So there's no confusion, when I talk through my issue I am doing so as someone who is using the compiled classes that result from Bond schemas (that is to say I use "class" instead of "struct", etc.). I feel like it makes more cognitive sense to think of it this way.
I am using Microsoft Bond and I have a main class that has several properties, one of which is an instance of a derived class.
When creating an instance of the main class I have no problem setting the property to an instance of the derived class; however when I deserialize from binary back into the main class the property is now seen as its base class.
I have tried to cast it as the derived class but that throws a runtime exception.
The examples for using derived classes in the Bond documentation/manual have you specifying the derived class at the time of deserialization, but I am not deserializing just the derived class but the main class.
Here's an example of how I have the bond schema set up
struct BaseExample
{
0: int property1;
}
struct DerivedExample : BaseExample
{
0: int property2;
}
struct MainExample
{
0: BaseExample mainProperty;
}
In usage I am setting mainProperty to an instance of the DerivedExample class. What I'd expect is that after deserialization, mainProperty is still of type DerivedExample (containing property2) but what I am seeing instead is mainProperty is of type BaseExample (and doesn't contain property2)
Am I forced to use generics to do this or is there something I am missing?
EDIT: Adding examples
My code that uses the classes generated from the Bond schemas is like this.
We have a calling service that creates a message of this type and uses Bond to serialize it into a byte array before sending it on a stream.

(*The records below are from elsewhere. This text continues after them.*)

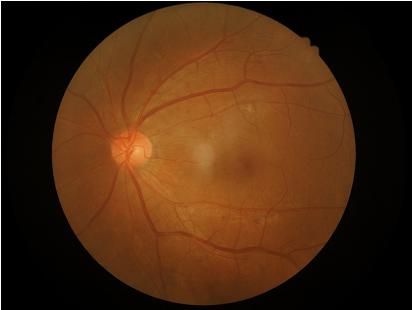
Acceptable image quality. Adequate contrast for distinguishing structures. No over- or under-exposure. No noticeable blur.
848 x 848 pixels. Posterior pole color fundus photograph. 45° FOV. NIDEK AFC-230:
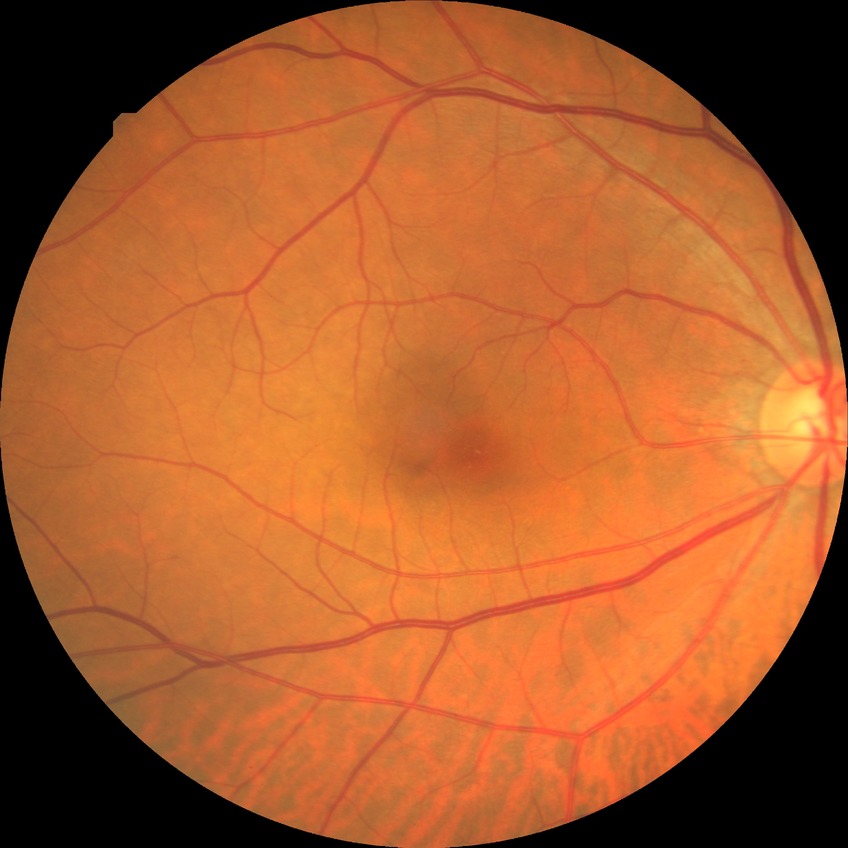

diabetic retinopathy grade: no diabetic retinopathy.
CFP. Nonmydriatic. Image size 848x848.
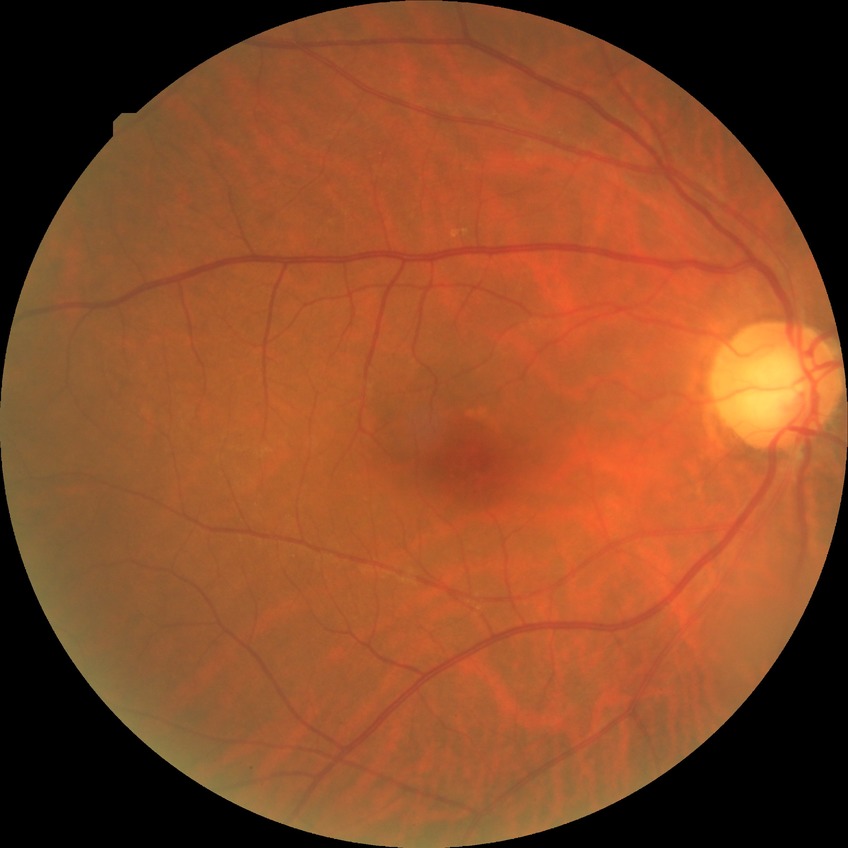

Modified Davis grading: no diabetic retinopathy.
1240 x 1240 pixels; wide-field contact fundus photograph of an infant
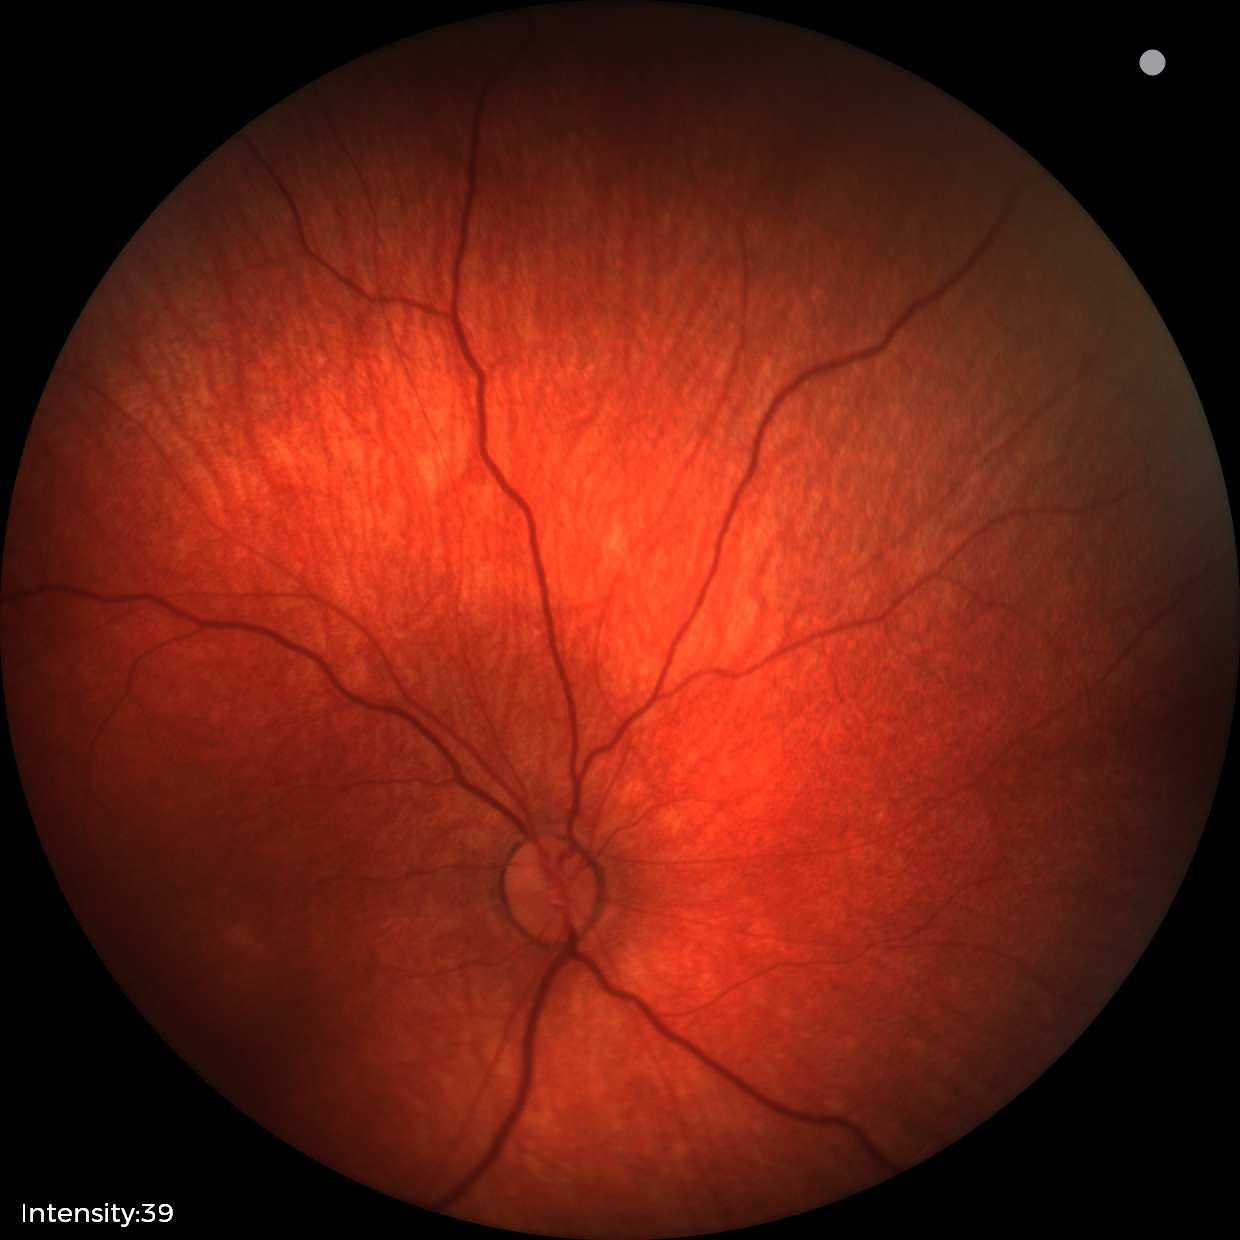
Q: What is the screening diagnosis?
A: normal retinal appearance

var message = new MainExample();
var derivedExample = new DerivedExample()
{
property1 = 1,
property2 = 2,
};
message.mainProperty = derivedExample;
// This block is all from the Bond examples
var output = new OutputBuffer();
var writer = new CompactBinaryWriter<OutputBuffer>(output);
Serialize.To(writer, message);
SendMessage(output.Data.Array);
Now we have a receiving service that is going to take this message off the stream and use Bond to deserialize it back into an object.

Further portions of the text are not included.